1.3 Choosing GCP Network, Storage, and Compute Resources

Storage and Database Decision Tree

Choosing the right storage service is one of the most frequently tested areas. Use this decision matrix.

Relational Databases

Service	Scale Model	Max Capacity	Global Distribution	Use Case	Key Differentiator
Cloud SQL	Vertical (read replicas for read scale)	96 vCPUs, 624 GB RAM (Enterprise); 128 vCPUs, 864 GB RAM (Enterprise Plus)	Cross-region read replicas	Standard OLTP, web apps, CMS	Managed MySQL, PostgreSQL, SQL Server; lowest operational overhead for relational
AlloyDB	Vertical (read pool)	Column-engine acceleration	Cross-region replication	PostgreSQL workloads needing high OLTP throughput and analytics	PostgreSQL-compatible with columnar engine for accelerated analytical queries; high transaction throughput
Cloud Spanner	Horizontal (automatic sharding)	Virtually unlimited	Multi-region with strong consistency	Global OLTP, financial systems, inventory	Only globally distributed relational database with external consistency; 99.999% SLA (multi-region)

Exam trap: If the scenario requires global strong consistency with a relational database, the answer is always Spanner.
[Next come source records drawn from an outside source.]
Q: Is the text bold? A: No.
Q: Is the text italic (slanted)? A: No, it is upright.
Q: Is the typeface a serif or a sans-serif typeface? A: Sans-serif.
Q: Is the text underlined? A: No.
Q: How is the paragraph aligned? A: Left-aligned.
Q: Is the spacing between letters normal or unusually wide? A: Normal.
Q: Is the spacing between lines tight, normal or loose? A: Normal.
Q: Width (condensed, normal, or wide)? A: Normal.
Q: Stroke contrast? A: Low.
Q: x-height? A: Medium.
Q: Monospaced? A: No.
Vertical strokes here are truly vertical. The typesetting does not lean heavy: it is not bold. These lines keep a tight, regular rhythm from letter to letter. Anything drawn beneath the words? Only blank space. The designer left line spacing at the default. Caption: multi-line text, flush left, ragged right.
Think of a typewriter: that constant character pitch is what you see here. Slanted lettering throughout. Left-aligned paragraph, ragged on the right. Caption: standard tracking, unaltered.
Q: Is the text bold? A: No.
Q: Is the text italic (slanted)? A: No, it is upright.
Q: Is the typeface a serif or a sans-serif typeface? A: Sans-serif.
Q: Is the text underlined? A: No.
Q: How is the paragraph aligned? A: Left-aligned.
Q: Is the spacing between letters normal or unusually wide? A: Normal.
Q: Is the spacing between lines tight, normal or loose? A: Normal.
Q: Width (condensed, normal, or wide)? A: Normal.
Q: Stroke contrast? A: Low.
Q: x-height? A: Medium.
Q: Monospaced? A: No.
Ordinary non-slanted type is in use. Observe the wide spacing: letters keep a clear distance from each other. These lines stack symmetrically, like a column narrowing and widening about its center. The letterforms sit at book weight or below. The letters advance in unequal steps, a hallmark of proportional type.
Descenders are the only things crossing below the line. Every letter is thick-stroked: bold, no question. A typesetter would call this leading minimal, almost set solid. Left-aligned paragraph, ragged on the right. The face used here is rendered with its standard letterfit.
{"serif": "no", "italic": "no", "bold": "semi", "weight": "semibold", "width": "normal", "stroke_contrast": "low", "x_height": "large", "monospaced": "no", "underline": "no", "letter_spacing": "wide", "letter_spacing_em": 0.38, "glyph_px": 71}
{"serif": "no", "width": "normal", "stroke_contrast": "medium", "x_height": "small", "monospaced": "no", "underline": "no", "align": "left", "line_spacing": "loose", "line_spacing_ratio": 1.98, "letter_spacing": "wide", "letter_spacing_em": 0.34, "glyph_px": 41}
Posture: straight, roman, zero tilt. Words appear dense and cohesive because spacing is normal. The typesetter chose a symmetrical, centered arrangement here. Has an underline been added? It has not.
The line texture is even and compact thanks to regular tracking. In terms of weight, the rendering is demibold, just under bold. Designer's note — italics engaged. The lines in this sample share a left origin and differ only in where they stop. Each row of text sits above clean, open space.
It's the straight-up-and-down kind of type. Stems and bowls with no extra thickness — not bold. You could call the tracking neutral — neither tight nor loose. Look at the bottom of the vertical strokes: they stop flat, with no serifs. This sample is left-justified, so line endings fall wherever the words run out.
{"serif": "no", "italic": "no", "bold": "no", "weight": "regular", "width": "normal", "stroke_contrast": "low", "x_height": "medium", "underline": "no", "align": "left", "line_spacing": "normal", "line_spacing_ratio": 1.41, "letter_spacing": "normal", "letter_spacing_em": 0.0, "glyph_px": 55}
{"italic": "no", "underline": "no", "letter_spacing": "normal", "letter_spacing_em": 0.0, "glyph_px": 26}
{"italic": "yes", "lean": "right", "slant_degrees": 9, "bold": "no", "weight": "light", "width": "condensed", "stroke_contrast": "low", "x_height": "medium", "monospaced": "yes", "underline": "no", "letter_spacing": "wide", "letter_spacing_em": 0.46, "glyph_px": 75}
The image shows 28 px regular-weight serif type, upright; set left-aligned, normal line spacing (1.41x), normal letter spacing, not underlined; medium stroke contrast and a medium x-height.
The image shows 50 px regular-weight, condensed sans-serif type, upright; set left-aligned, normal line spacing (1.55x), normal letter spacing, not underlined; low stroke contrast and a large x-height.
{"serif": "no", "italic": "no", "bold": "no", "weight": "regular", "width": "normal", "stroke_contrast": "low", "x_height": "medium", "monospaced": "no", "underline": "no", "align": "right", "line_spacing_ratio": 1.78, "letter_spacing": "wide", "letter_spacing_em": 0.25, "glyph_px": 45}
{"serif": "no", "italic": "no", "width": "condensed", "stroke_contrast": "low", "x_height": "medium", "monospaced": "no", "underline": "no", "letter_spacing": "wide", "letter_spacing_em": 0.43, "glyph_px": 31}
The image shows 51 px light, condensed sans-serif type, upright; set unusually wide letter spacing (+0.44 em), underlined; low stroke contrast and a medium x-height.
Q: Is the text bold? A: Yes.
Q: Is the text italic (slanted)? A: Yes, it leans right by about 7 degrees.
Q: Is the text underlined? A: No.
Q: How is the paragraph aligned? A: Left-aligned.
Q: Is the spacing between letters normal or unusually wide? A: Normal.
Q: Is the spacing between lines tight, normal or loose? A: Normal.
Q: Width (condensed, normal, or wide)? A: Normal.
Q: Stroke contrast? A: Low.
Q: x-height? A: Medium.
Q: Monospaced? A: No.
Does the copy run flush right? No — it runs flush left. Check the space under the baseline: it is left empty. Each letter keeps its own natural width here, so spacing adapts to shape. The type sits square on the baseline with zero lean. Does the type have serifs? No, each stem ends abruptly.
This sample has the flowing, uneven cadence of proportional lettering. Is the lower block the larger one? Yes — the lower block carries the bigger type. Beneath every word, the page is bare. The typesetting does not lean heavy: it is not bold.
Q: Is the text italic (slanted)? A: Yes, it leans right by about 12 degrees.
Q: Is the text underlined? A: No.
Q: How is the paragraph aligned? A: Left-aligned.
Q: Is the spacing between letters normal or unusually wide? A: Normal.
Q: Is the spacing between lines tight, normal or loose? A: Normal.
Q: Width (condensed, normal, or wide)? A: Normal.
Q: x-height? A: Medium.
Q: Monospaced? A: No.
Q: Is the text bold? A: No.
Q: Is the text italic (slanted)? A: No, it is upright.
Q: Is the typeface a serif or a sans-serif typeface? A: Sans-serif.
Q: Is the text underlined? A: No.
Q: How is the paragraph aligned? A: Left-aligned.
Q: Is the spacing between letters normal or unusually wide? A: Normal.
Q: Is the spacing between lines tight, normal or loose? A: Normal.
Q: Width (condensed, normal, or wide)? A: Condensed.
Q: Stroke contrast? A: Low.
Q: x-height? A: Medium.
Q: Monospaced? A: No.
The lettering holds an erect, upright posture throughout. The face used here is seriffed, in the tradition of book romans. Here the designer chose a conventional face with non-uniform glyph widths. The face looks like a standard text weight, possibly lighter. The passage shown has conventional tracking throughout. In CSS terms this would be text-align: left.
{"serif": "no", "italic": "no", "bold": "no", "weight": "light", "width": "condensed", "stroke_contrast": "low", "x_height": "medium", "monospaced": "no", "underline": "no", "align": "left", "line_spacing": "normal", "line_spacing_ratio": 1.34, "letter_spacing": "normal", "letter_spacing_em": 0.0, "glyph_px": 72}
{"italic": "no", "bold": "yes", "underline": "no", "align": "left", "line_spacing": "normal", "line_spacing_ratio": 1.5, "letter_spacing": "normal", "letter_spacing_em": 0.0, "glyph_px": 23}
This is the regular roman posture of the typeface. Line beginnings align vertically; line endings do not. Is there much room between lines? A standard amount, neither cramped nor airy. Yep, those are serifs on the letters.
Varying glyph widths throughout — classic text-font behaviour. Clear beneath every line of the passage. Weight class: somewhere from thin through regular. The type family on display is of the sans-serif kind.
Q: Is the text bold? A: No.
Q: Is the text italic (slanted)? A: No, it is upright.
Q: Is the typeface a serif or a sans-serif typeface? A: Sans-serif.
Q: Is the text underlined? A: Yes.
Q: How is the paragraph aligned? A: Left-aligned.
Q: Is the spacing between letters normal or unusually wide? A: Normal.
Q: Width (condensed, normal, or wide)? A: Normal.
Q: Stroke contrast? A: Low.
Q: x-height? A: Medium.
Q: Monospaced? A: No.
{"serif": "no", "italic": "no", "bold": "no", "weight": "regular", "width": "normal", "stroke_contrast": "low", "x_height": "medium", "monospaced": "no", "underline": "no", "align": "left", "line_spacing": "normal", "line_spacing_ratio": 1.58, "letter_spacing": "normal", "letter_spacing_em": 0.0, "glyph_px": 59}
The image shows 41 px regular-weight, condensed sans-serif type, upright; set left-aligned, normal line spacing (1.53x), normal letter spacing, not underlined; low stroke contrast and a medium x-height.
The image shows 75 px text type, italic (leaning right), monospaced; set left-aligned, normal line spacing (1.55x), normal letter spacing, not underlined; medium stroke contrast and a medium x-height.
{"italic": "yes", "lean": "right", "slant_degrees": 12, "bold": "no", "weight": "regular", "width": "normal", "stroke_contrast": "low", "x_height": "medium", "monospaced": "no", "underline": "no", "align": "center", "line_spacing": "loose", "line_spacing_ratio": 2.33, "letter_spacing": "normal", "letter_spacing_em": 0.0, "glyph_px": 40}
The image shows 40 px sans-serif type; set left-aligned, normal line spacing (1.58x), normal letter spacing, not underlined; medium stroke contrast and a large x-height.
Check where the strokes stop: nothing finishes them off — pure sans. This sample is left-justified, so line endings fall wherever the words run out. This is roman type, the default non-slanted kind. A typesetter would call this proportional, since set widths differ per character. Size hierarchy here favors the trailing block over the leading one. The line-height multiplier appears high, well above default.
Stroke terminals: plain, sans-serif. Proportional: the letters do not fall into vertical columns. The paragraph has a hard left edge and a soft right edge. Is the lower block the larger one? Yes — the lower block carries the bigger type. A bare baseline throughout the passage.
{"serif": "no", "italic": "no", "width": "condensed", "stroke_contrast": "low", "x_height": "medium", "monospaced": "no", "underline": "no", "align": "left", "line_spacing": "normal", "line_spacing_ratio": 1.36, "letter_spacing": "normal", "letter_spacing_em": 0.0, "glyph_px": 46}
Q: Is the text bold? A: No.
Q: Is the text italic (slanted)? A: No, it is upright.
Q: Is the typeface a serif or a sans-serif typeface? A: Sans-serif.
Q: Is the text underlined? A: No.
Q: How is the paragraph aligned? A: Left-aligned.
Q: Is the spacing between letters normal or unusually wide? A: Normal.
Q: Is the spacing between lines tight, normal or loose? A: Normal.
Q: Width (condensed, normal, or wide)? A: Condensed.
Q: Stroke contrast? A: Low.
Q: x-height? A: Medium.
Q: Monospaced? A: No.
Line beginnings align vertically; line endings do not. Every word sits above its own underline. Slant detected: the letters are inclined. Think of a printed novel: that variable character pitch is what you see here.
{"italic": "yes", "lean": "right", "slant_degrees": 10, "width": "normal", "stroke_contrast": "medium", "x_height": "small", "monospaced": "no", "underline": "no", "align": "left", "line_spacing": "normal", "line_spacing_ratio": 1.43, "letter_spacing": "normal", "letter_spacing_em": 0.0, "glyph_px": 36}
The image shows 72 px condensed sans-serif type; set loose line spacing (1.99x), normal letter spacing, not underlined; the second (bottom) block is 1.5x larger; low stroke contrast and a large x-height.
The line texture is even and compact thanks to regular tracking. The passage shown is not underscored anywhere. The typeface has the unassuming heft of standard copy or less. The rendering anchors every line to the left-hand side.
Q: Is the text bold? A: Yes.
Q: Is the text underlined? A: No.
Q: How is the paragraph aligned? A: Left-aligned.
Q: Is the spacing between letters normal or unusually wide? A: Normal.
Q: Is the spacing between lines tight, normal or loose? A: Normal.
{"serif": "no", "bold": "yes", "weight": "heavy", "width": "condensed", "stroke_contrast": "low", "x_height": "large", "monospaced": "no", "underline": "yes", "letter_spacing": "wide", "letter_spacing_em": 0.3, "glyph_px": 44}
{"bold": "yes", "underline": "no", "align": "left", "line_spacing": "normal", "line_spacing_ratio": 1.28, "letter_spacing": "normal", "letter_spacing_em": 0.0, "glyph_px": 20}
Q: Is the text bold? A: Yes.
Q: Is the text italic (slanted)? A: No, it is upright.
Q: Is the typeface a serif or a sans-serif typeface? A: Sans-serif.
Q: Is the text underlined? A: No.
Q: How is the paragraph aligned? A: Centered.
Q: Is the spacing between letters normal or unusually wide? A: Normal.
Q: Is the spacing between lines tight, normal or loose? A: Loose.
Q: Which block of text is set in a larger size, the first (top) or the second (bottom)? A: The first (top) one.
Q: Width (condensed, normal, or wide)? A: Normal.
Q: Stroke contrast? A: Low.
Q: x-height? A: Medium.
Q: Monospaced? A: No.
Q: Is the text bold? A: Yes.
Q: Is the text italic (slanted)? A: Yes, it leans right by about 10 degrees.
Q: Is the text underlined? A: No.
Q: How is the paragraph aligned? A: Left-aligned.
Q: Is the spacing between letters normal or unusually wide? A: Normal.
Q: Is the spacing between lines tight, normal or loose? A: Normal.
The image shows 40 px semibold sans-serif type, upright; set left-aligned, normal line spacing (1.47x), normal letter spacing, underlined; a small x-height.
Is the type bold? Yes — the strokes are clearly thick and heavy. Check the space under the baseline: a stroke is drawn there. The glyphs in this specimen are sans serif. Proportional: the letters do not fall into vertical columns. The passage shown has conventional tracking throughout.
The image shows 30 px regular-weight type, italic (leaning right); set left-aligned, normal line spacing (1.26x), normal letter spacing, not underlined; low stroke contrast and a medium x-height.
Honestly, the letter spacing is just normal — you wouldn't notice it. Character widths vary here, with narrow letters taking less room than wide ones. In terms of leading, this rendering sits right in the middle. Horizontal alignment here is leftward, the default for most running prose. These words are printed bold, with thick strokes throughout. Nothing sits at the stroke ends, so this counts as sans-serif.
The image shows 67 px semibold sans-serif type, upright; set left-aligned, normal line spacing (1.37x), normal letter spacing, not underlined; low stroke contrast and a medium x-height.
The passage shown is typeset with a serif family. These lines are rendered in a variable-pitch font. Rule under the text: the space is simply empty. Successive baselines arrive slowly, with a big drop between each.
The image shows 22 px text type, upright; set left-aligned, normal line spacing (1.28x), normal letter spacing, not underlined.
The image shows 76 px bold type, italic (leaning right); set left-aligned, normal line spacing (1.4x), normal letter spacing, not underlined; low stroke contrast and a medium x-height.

Cloud SQL cannot provide multi-region strong consistency. AlloyDB is PostgreSQL-compatible but does not offer Spanner's horizontal scaling or global distribution.

NoSQL Databases

Service	Data Model	Scale Model	Consistency	Use Case
Firestore	Document (JSON-like)	Serverless, automatic	Strong (within entity group)	Mobile/web apps, real-time sync, user profiles, content management
Bigtable	Wide-column	Horizontal (nodes)	Eventually consistent (single-row strong)	Time-series, IoT, analytics, AdTech, 10ms latency at scale
Memorystore	Key-value (in-memory)	Vertical	Strong	Session caching, leaderboards, real-time counters

Exam trap: Bigtable is NOT a good choice for data smaller than 1 TB -- the minimum node count makes it expensive at small scale. For small-to-medium NoSQL workloads, Firestore is the right answer. Bigtable excels at high-throughput, low-latency reads/writes at massive scale (petabytes).

Analytics and Data Warehousing

Service	Type	Best For	Pricing Model
BigQuery	Serverless data warehouse	OLAP, BI, ad-hoc SQL analytics on petabyte-scale data	On-demand (per TB scanned) or flat-rate reservations (slots)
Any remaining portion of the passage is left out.